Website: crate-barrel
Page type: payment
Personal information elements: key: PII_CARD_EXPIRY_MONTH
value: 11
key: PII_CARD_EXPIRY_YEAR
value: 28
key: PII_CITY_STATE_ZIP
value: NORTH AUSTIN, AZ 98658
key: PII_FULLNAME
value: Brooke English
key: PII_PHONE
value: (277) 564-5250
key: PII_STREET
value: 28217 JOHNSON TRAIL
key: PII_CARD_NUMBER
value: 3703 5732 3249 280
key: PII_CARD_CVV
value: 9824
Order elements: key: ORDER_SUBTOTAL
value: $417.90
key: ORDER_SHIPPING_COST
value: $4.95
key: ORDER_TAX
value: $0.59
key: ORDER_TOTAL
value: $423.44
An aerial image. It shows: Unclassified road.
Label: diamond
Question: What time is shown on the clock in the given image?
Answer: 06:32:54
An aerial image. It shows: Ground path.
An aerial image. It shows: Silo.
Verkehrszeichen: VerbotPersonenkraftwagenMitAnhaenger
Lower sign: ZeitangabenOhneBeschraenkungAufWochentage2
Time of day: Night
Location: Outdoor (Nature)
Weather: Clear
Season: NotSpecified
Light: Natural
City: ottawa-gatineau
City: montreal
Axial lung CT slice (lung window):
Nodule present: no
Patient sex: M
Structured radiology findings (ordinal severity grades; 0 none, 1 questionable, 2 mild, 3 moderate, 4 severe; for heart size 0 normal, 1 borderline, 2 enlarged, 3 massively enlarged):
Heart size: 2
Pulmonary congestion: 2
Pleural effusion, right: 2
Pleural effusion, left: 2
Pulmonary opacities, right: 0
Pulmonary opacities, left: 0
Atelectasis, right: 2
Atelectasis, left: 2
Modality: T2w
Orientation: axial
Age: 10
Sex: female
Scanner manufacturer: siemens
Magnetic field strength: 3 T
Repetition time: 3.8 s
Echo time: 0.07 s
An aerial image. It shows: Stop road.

──────────────────────────────

TASK OBJECTIVE:
Restate the records above in full, keeping each line exactly as it stands.

ANSWER SECTION:
Website: crate-barrel
Page type: payment
Personal information elements: key: PII_CARD_EXPIRY_MONTH
value: 11
key: PII_CARD_EXPIRY_YEAR
value: 28
key: PII_CITY_STATE_ZIP
value: NORTH AUSTIN, AZ 98658
key: PII_FULLNAME
value: Brooke English
key: PII_PHONE
value: (277) 564-5250
key: PII_STREET
value: 28217 JOHNSON TRAIL
key: PII_CARD_NUMBER
value: 3703 5732 3249 280
key: PII_CARD_CVV
value: 9824
Order elements: key: ORDER_SUBTOTAL
value: $417.90
key: ORDER_SHIPPING_COST
value: $4.95
key: ORDER_TAX
value: $0.59
key: ORDER_TOTAL
value: $423.44
An aerial image. It shows: Unclassified road.
Label: diamond
Question: What time is shown on the clock in the given image?
Answer: 06:32:54
An aerial image. It shows: Ground path.
An aerial image. It shows: Silo.
Verkehrszeichen: VerbotPersonenkraftwagenMitAnhaenger
Lower sign: ZeitangabenOhneBeschraenkungAufWochentage2
Time of day: Night
Location: Outdoor (Nature)
Weather: Clear
Season: NotSpecified
Light: Natural
City: ottawa-gatineau
City: montreal
Axial lung CT slice (lung window):
Nodule present: no
Patient sex: M
Structured radiology findings (ordinal severity grades; 0 none, 1 questionable, 2 mild, 3 moderate, 4 severe; for heart size 0 normal, 1 borderline, 2 enlarged, 3 massively enlarged):
Heart size: 2
Pulmonary congestion: 2
Pleural effusion, right: 2
Pleural effusion, left: 2
Pulmonary opacities, right: 0
Pulmonary opacities, left: 0
Atelectasis, right: 2
Atelectasis, left: 2
Modality: T2w
Orientation: axial
Age: 10
Sex: female
Scanner manufacturer: siemens
Magnetic field strength: 3 T
Repetition time: 3.8 s
Echo time: 0.07 s
An aerial image. It shows: Stop road.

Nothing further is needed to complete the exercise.